LP Final, problem 2

2192 days ago by haynef

Set "p" to be the LP to be solved.  "maximization=False" is setting the LP to be a minimization problem.

p = MixedIntegerLinearProgram(maximization=False) 
       

x1p correlates to $x1^+$ and x1n to $x1^-$.

The same is true for x2, y1, y2

v = p.new_variable(real=True, nonnegative=True) x,y,x1p,x1n,y1p,y1n,x2p,x2n,y2p,y2n,x3p,x3n,y3p,y3n = v['x'],v['y'],v['x1p'],v['x1n'],v['y1p'],v['y1n'],v['x2p'],v['x2n'],v['y2p'],v['y2n'],v['x3p'],v['x3n'],v['y3p'],v['y3n'] 
       

Setting the objective function to be minimized.

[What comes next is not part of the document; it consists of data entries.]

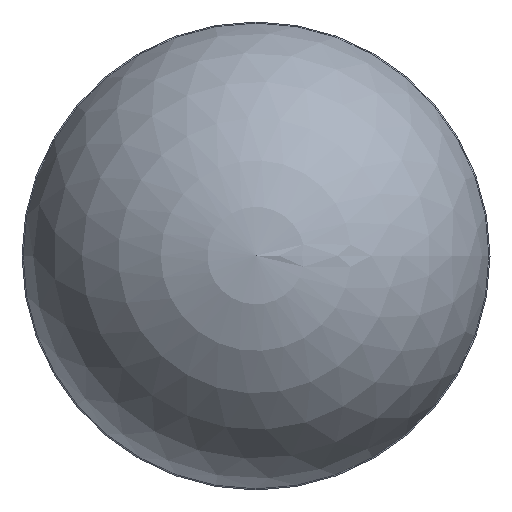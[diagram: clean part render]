
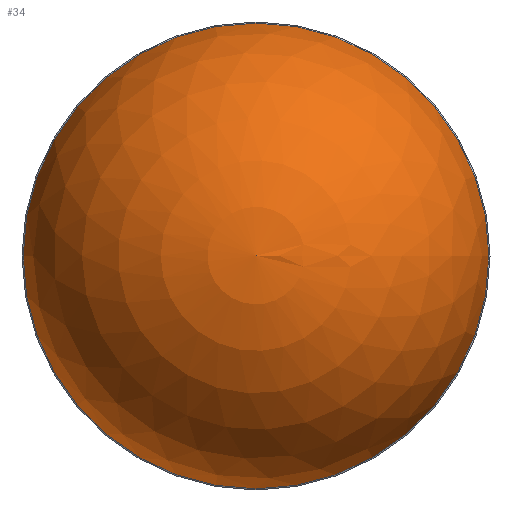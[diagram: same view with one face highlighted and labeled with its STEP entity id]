
A CAD part, top view. The second image highlights one B-rep face of the part: STEP entity #34.
In plain terms, the highlighted spherical face has radius 20.5 mm.
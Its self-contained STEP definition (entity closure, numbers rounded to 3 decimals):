
#34 = ADVANCED_FACE( '', ( #69 ), #70, .T. );
#69 = FACE_OUTER_BOUND( '', #107, .T. );
#70 = SPHERICAL_SURFACE( '', #108, 20.5 );
#107 = EDGE_LOOP( '', ( #141 ) );
#108 = AXIS2_PLACEMENT_3D( '', #142, #143, #144 );
#141 = ORIENTED_EDGE( '', *, *, #183, .F. );
#142 = CARTESIAN_POINT( '', ( 0., 0., 18.5 ) );
#143 = DIRECTION( '', ( 0., 0., 1. ) );
#144 = DIRECTION( '', ( 1., 0., 0. ) );
#183 = EDGE_CURVE( '', #200, #200, #201, .F. );
#200 = VERTEX_POINT( '', #222 );
#201 = CIRCLE( '', #223, 20.393 );
#222 = CARTESIAN_POINT( '', ( 20.393, 0., 20.593 ) );
#223 = AXIS2_PLACEMENT_3D( '', #244, #245, #246 );
#244 = CARTESIAN_POINT( '', ( 0., 0., 20.593 ) );
#245 = DIRECTION( '', ( 0., 0., 1. ) );
#246 = DIRECTION( '', ( 1., 0., 0. ) );

p.set_objective((x1p+x1n) + (y1p+y1n) + (x2p+x2n)+(y2p+y2n) + (x3p+x3n)+(y3p+y3n)) 
       

Adding all of the constraints 

x1p - x1n = x-10

x2p - x2n = x-5

x3p - x3n = x-20

y1p - y1n = y-3

y2p - y2n = y-15

y3p - y3n = y-25

p.add_constraint(x1p-x1n==x-10) p.add_constraint(x2p-x2n==x-5) p.add_constraint(x3p-x3n==x-20) p.add_constraint(y1p-y1n==y-3) p.add_constraint(y2p-y2n==y-15) p.add_constraint(y3p-y3n==y-25) 
       

Solve for the optimal objective value.

Optimal objective value: 37

This means that there will be 37 units of wire.

p.solve() 
       
37.0
37.0

Get the x and y values for the optimal objective value.

p.get_values(x) 
       
10.0
10.0
p.get_values(y) 
       
15.0
15.0

The optimal solution is (10,15). Meaning the central unit should be placed at position (10,15).